This article is not about how to recognize a narcissist — I will leave that to the internet except to sum it up as follows: A narcissist likes you best when you are under their thumb; they thrive off you doing everything to please them, yet nothing is ever good enough; they have exaggerated notions of grandeur; they come off as charming but are manipulating, controlling, cunning, devious, and 100 other adjectives. Forget your wishes or desires, which mean nothing to the narcissist and are easily dismissed.
Everything I read says being married to one is like waiting for a nuclear bomb to detonate. Whoa! I need to interject here and at the risk of offending the anti-narcissist bloggers out there, want to offer a different view when it comes to divorce. From my perspective, the breakdown of a marriage occurs not just because you married a narcissist. Chances are that if your spouse is a narcissist, they were one when you met and married them. It just may be that their narcissistic tendencies are more prevalent because the marriage is broken and divorce is imminent.
As a married couple, you are naturally the “half of a whole”. The demise of a marriage occurs primarily because the parties deviate from the once-common goal of sharing their lives together.

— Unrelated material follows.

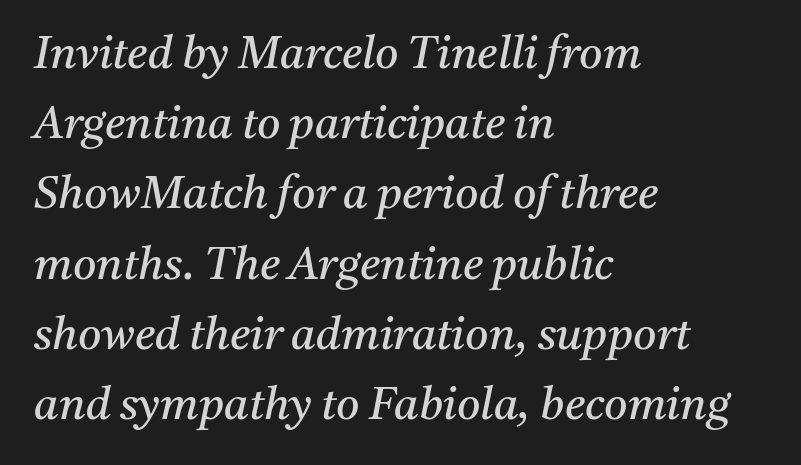
Typeset ragged right — the left edge is the straight one. No word sits above an underline. Proportional: the letters do not fall into vertical columns. Each letter's strokes conclude with small projecting serifs.

This may happen for various reasons, such as: one or both of the parties develops an addiction; the parties enter a different phase of life, i.e. middle-age, yet the relationship does not adapt; severe financial stress; infidelity; loss of employment; insurmountable grief, i.e. the death of a child; complacency; a special needs child; loss of sense of self; or the debilitating injury or illness of a spouse, etc.
I am not saying that the narcissist does not exist. What I am saying is that “life happens” and when it does it is easy to project your crushing disappointment onto your spouse and label them “narcissist.” When you engage each other and fight, the marriage starts to crack and splinter. Then those negative personality traits that we all possess to some degree rear up. Now, that charming “bad boy” or “bad girl” is not so charming anymore and gone is that person who once made you feel special. You married them, so at one time they did make you happy or perhaps you married for the wrong reasons.
I do not condone domestic violence in any form, physical or mental. If you are being abused by anyone, regardless of whether they have narcissistic personality disorder or not, you should seek assistance. But I implore you to see the other side of simply labeling someone a narcissist and blaming the divorce solely on them. Each “half of the whole” is in some way responsible for the end of the marriage. Remember, self-examination is the first step in getting through your divorce and learning a valuable life lesson for the next chapter of your life.
Sylvia Costantino is a New Jersey based divorce and family law attorney. A graduate of Rutgers Law School, Costantino is certified by the Supreme Court of the State of New Jersey as a Matrimonial Law Attorney, with bar admissions in both New Jersey and New York. To contact Sylvia or learn more, visit her firm’s website.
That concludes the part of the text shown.